1: I don't know if this remained true throughout the run of the show, as I didn't watch, but early on in Voyager we were supposed to believe they were rationing their replicator use because they didn't have the power to operate them in the normal manner. Yet, holodecks were still fine. It's the same technology with just minor differences. Supposedly they were hooked up to different power grids that couldn't be linked or whatever. All I could ever think whenever they said that was "Geordi could do it."

2: Space must be awfully small. If we go by example, The first enterprise made it from Earth to the Klingon Homeworld in a matter of days, and that wasn't a straight line either, they went other places first. All this with a top speed of warp 4. Then of course there's first contact, in which the Enterprise makes it from the Romulan border to Earth in seemingly a matter of minutes. Space seems to be getting awfully crowded.

3: They never used the captain's Yacht in the series.

4: I have recently gained a new appreciation for DS9, a series I previously disliked, but I still always come back to one thing. It's a space station, it's stationary, by it's very nature it negates the franchise title.

5: Why do they keep making control panels out of explosive materials?

6: Sentient Holograms?

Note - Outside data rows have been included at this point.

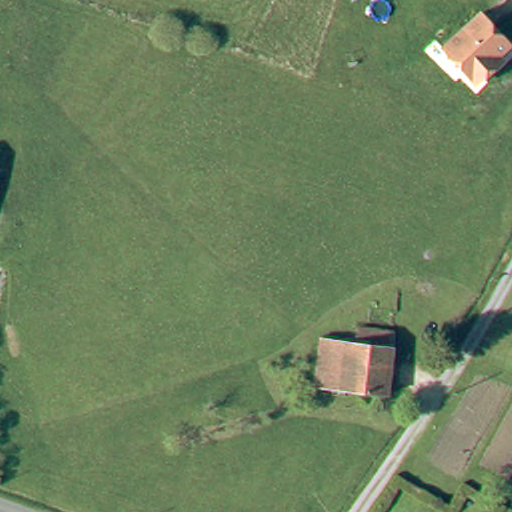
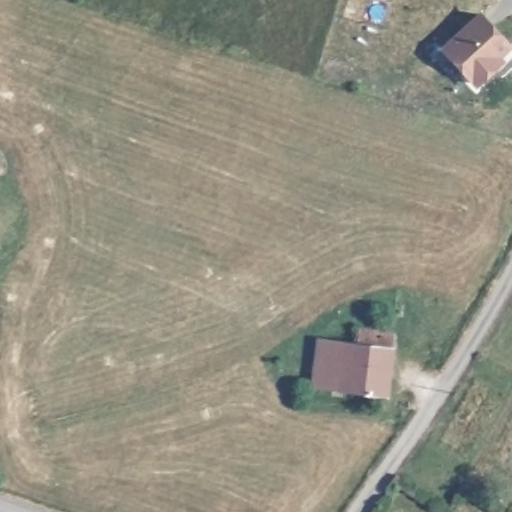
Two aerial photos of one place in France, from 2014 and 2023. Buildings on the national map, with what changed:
unchanged [(488,71),(473,86),(439,51),(476,16),(505,46),(492,58),(496,63),(488,71)]
unchanged [(316,398),(319,350),(357,352),(372,352),(392,354),(390,403),(316,398)]

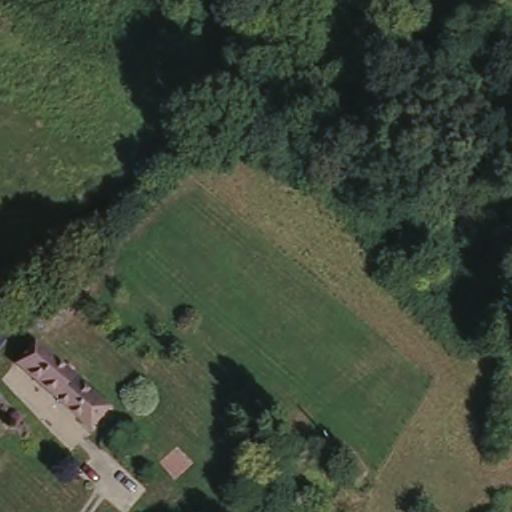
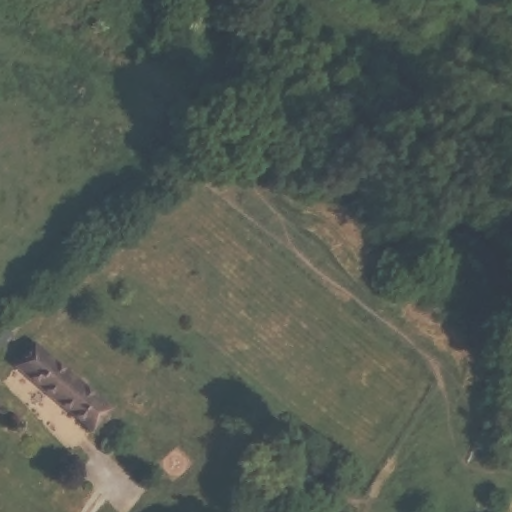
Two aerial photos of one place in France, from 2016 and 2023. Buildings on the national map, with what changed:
unchanged [(337,0),(373,0),(383,5),(372,25),(334,4),(337,0)]
unchanged [(101,412),(82,432),(9,363),(28,344),(101,412)]

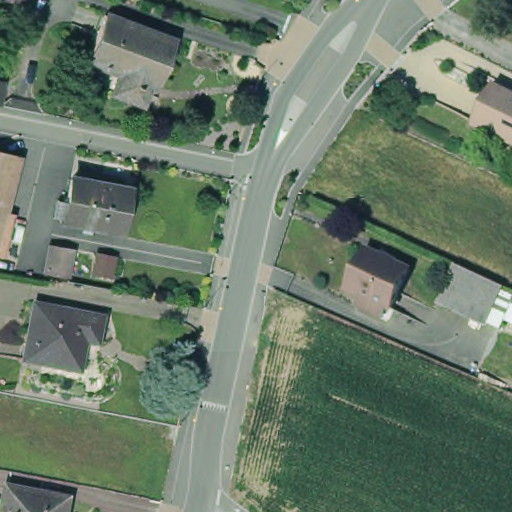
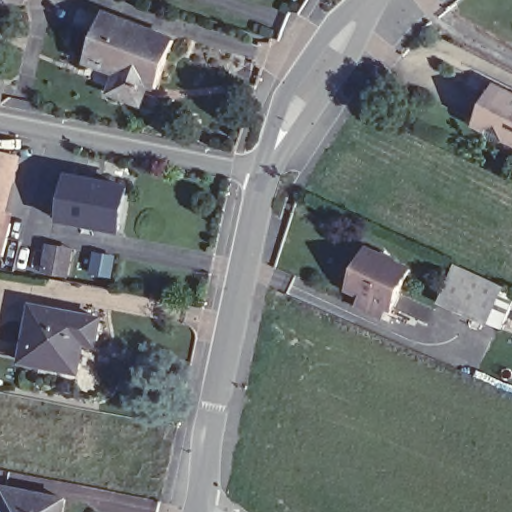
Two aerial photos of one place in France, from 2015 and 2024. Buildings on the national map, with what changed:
unchanged [(5,0),(3,5),(0,4),(0,0),(5,0)]
unchanged [(141,88),(134,107),(103,95),(115,64),(81,52),(98,7),(171,34),(155,81),(149,93),(141,88)]
unchanged [(512,91),(512,142),(484,128),(486,125),(472,118),(486,91),(489,93),(494,82),(512,91)]
unchanged [(1,87),(0,92),(0,87),(1,87)]
unchanged [(8,213),(15,215),(3,259),(0,258),(0,154),(6,155),(21,159),(8,213)]
unchanged [(51,193),(61,195),(66,172),(123,183),(114,224),(58,214),(48,212),(51,193)]
unchanged [(351,296),(356,286),(342,279),(361,241),(404,262),(385,300),(381,310),(351,296)]
unchanged [(68,252),(63,281),(39,276),(44,248),(68,252)]
unchanged [(436,303),(441,292),(453,266),(500,288),(488,314),(484,324),(436,303)]
unchanged [(26,368),(28,358),(11,355),(23,299),(91,311),(86,339),(82,338),(75,376),(26,368)]
unchanged [(64,497),(61,512),(0,512),(0,485),(64,497)]

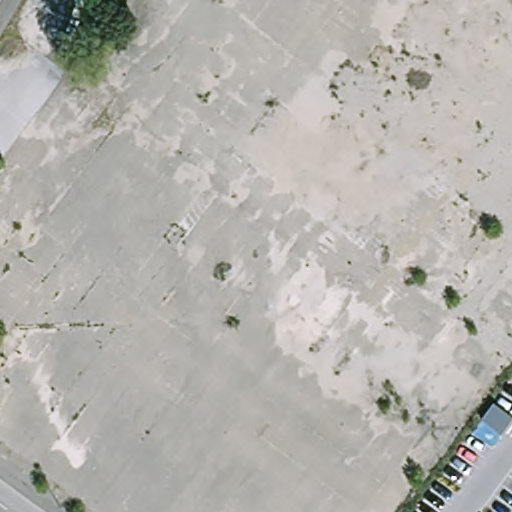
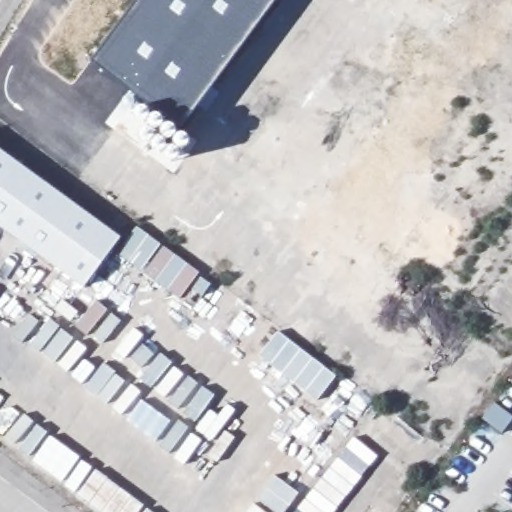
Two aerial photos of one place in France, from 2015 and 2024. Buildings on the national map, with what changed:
new [(182,127),(92,60),(137,0),(275,0),(182,127)]
new [(120,237),(83,287),(0,227),(0,149),(120,237)]

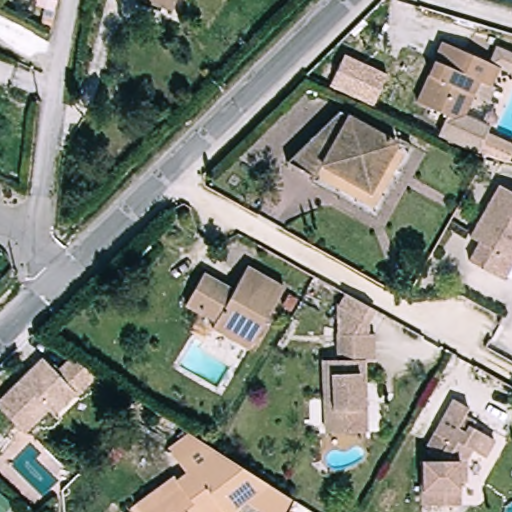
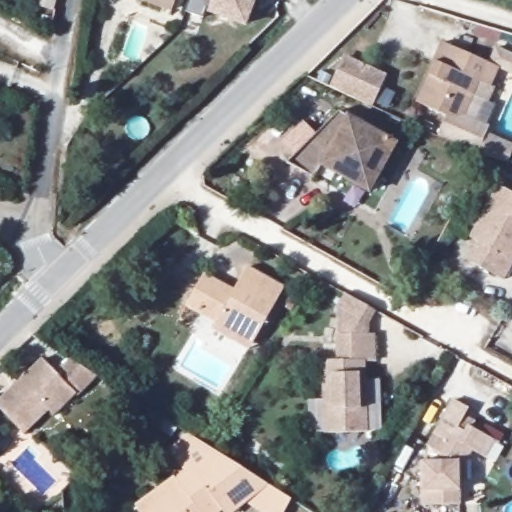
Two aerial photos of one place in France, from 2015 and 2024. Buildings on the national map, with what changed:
new [(256,0),(247,26),(207,13),(204,19),(186,12),(190,0),(256,0)]
unchanged [(484,105),(469,100),(460,120),(486,130),(474,157),(433,136),(441,119),(412,103),(432,60),(441,41),(462,52),(487,65),(495,49),(512,57),(512,71),(497,64),(485,89),(490,90),(484,105)]
unchanged [(386,76),(374,106),(332,87),(345,55),(386,76)]
unchanged [(347,105),(404,140),(376,188),(330,160),(321,176),(294,159),(347,105)]
unchanged [(482,241),(512,188),(512,279),(485,265),(494,247),(482,241)]
unchanged [(220,325),(226,315),(211,306),(203,315),(187,306),(206,274),(221,281),(220,286),(236,295),(241,285),(252,268),(287,288),(277,306),(254,345),(220,325)]
unchanged [(369,427),(327,429),(326,358),(341,358),(342,346),(342,330),(340,293),(372,312),(362,330),(378,331),(379,356),(359,356),(366,360),(369,427)]
unchanged [(46,410),(21,433),(0,410),(0,397),(40,358),(54,372),(69,358),(97,376),(74,395),(51,415),(46,410)]
unchanged [(434,469),(435,459),(443,447),(429,438),(442,412),(448,403),(462,412),(459,421),(452,432),(459,436),(466,430),(480,438),(473,453),(467,450),(460,460),(458,485),(452,485),(450,510),(414,508),(416,468),(434,469)]
unchanged [(225,455),(190,480),(171,455),(194,435),(215,448),(225,455)]
unchanged [(243,512),(159,512),(183,495),(179,486),(190,480),(225,455),(277,488),(244,511),(243,512)]
unchanged [(244,511),(277,488),(297,501),(292,512),(245,512),(244,511)]

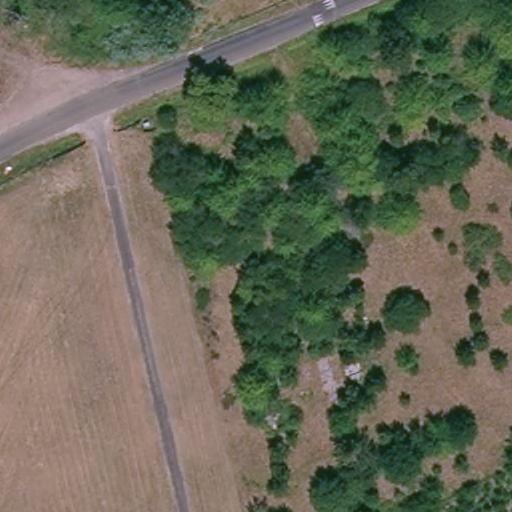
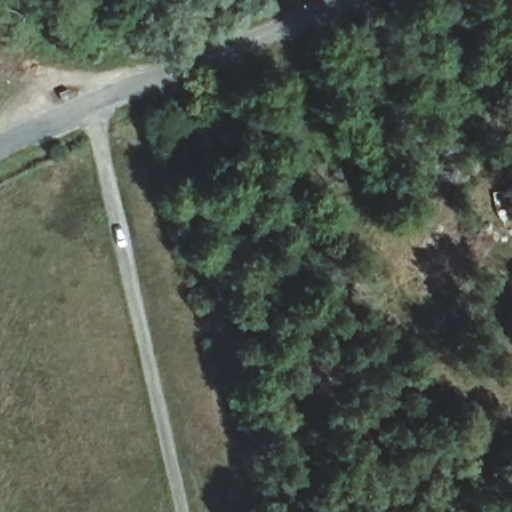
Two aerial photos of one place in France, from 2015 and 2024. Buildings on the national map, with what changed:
[]

Wow, if only Dr. Soong had known it was just that easy to make a fully functional and self aware conciousness.

7: Man, they sure wussified the borg. The borg were scary because they were faceless, they were a perfect hive, and they couldn't be reasoned with. Giving the Borg a face, with all the human frailties we're familiar with totally defanged the Borg.

8: Neelix and Dr. Phlox, seperated at birth?

9: T'Pol: "We need to decontaminate, here, rub this blue jello all over my body... but not my whole body, just a few key bits, the other bits will become decontaminated through osmosis."

10: We don't have money on Earth in the future, but we do have transporter credits, so be sure to budget your travel.

11: Enterprise Vulcans aren't so much logical as they are snotty and irritable.

12: We can't make a good odd-numbered movie to save our lives.

13: Nothing ever came of that first season conspiracy with the little bug things that took over peoples minds and tried to bring down starfleet. The arc ended with a message being transmitted into space, but we never heard from them again. I think it's time for the crawlly things to come back with a vengence.